Patients and methods

mCRC patients treated with bevacizumab-containing chemotherapy at the Fuzhou General Hospital of Nanjing Military Command between January, 2009 and October, 2017 were enrolled. The follow-up visit was on February 28th, 2018. The exclusion criteria were: no pathological diagnosis, no measurable metastatic tumors, and missing drug prescription data. We collected data of demographics, medical history, drug prescriptions and disease outcomes. Because the data were anonymous, the requirement for informed consent was waived. This retrospective, single-center cohort study was approved by the Ethics Committee of Fuzhou General Hospital of Nanjing Military Region.

Definition and measuring

Antibiotic exposure was defined as oral or intravenous medication of one of the seven antibiotic classes including penicillins, cephalosporins, macrolides, tetracyclines, sulphonamides, quinolones, and nitroimidazoles (excluding skin creams, mouthwash, topical antibiotic or antituberculosis). Antibiotics from drugstores outside the hospital were not taken into consideration. Cumulative duration of antibiotic medication in each chemotherapy period was calculated, which included the time of all antibiotic classes. Overall survival (OS) was defined as the time from the bevacizumab treatment to the death due to any cause or the last outpatient visit. Through telephone follow-up, the missing data were obtained as completed as possible.

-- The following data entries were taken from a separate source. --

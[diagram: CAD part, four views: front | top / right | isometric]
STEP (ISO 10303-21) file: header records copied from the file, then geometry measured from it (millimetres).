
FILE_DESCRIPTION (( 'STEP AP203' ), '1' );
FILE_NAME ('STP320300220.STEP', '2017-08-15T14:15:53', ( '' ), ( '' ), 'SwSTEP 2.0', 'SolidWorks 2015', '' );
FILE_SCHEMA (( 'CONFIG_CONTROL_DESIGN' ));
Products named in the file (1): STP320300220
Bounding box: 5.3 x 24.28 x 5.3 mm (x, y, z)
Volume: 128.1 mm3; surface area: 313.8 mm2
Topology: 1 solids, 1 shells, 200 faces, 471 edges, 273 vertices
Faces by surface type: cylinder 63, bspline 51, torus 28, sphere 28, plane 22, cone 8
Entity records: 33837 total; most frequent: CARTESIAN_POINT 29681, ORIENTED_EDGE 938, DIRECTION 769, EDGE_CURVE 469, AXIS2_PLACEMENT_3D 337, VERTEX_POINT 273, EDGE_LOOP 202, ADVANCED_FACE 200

To simplify the classification, left CRC was defined as rectal or sigmoid cancer and left transverse colon cancer while right CRC as right transverse colon, ascending colon and appendiceal cancers. In the subgroup of treatment line, the 1st+2nd line was defined as bevacizumab across 1st and 2nd lines of treatment beyond progression.

Hypertension was graded according to the common toxicity criteria for adverse events version 4.03 (CTCAE v4.03) as follows: Grade 1, prehypertension (systolic BP 120–139 mm Hg or diastolic BP 80–89 mmHg); Grade 2, stage 1 hypertension (systolic BP 140–159 mm Hg or diastolic BP 90–99 mmHg), medical intervention indicated, recurrent or persistent (> = 24 h), symptomatic increase by >20 mmHg (diastolic) or to >140/90 mmHg if previously within normal limits, monotherapy indicated; Grade 3, stage 2 hypertension (systolic BP > = 160 mm Hg or diastolic BP > = 100 mm Hg), medical intervention indicated, more than one drug or more intensive therapy than previously used indicated; Grade 4, life-threatening consequences (e.g., malignant hypertension, transient or permanent neurologic deficit, hypertensive crisis), urgent intervention indicated; Grade 5, death.

Statistical analysis

The baseline characteristics of the study group and the control group were compared using the chi-square test for categorical variables and the Kruskal-Wallis test for continuous variables.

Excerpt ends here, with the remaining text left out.